Pinehurst, North Carolina
In 1895, a Boston soda fountain magnate named James Walker Tufts bought 5,000 acres of depleted timberland in the North Carolina Sandhills for roughly a dollar an acre. He hired Frederick Law Olmsted to design a village. He hired Donald Ross to build a golf course. The village became Pinehurst. The golf course became No. 2. And the depleted timberland became, over the next 130 years, the most concentrated collection of consequential golf in America.
That history matters because it explains what Pinehurst is and what it is not. This is not a resort destination that happens to have golf. It is a golf destination that built a village around itself. The difference is felt immediately upon arrival. There is no commercial strip. No chain-restaurant sprawl. Pinehurst Village, population roughly 16,000, still follows Olmsted's original curving street plan, with a walkable center of small shops, restaurants, and the resort campus anchoring the eastern edge.

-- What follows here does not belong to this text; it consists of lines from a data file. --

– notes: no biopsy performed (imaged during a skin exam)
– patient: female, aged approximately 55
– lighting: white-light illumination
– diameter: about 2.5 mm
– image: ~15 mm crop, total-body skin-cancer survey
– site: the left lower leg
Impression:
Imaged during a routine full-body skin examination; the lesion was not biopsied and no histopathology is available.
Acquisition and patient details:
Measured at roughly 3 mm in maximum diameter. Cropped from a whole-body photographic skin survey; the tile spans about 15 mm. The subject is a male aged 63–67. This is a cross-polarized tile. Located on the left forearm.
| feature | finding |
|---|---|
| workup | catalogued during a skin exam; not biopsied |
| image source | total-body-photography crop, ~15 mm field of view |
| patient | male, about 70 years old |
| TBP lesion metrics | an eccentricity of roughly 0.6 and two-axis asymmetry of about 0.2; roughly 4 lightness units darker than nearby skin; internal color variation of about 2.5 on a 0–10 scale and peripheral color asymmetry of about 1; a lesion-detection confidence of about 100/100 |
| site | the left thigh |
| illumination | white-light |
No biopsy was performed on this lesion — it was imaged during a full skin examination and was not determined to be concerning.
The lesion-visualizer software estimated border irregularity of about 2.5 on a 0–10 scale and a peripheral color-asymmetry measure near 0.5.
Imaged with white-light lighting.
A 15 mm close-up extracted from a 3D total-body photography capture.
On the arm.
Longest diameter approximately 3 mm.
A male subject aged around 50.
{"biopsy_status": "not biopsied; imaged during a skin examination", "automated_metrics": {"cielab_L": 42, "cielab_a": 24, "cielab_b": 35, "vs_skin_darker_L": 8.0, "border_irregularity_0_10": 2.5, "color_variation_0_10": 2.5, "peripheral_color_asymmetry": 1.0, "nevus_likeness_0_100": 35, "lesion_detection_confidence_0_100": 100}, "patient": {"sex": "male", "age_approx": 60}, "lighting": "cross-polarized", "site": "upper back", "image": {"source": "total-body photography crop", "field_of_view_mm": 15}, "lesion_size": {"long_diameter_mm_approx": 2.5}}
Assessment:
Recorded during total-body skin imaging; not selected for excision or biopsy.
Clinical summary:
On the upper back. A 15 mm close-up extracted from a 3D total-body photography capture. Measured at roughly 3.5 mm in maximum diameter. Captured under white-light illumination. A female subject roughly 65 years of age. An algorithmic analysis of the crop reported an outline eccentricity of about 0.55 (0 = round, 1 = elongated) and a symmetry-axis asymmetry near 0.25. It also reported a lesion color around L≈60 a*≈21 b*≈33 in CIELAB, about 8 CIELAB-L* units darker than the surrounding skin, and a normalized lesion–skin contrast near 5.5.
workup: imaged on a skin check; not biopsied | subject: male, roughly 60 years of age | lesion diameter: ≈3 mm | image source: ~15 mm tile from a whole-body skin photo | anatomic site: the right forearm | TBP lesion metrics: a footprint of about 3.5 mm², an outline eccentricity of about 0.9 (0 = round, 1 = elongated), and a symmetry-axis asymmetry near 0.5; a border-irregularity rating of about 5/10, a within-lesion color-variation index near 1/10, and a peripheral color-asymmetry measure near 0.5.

Golf is not the primary activity here. It is the organizing principle.
The Courses
Pinehurst Resort alone operates ten numbered courses plus The Cradle, a par-3 short course. Add the independent layouts within a 30-minute drive and the Sandhills region offers more courses per square mile than any comparable area in the country. The density means that a visiting golfer can play dramatically different designs without ever sitting in traffic.

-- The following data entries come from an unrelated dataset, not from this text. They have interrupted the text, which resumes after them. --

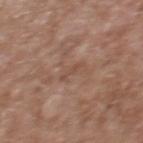Q: Was this lesion biopsied?
A: no biopsy performed (imaged during a skin exam)
Q: What kind of image is this?
A: total-body-photography crop, ~15 mm field of view
Q: Lesion size?
A: ≈2.5 mm
Q: Illumination type?
A: white-light
Q: What did automated image analysis measure?
A: an outline eccentricity of about 0.95 (0 = round, 1 = elongated) and a shape-asymmetry score of about 0.4 (0 = symmetric); a mean CIELAB color near L≈48 a*≈19 b*≈26 and a normalized border contrast of about 5
Q: Patient demographics?
A: male, aged approximately 45
Q: Lesion location?
A: the upper back

The headliner requires no introduction. Pinehurst No. 2 is a Donald Ross design that opened in 1907 and has been refined, altered, and ultimately restored to something close to its original intent. The Coore and Crenshaw restoration of 2011 stripped away the rough that decades of U.S. Open preparation had encouraged and returned the course to native wiregrass and sandy waste areas. The result plays differently from any other major championship course in the country. There are no trees lining the fairways. There is no primary rough in the traditional sense. The defence is in the crowned greens, the false fronts, and the collection areas that funnel anything marginally offline into difficult recovery positions. No. 2 hosted U.S. Opens in 1999, 2005, 2014, and 2024, with future championships locked in through 2047. It is one of fewer than ten courses in the world that can credibly claim to be the best.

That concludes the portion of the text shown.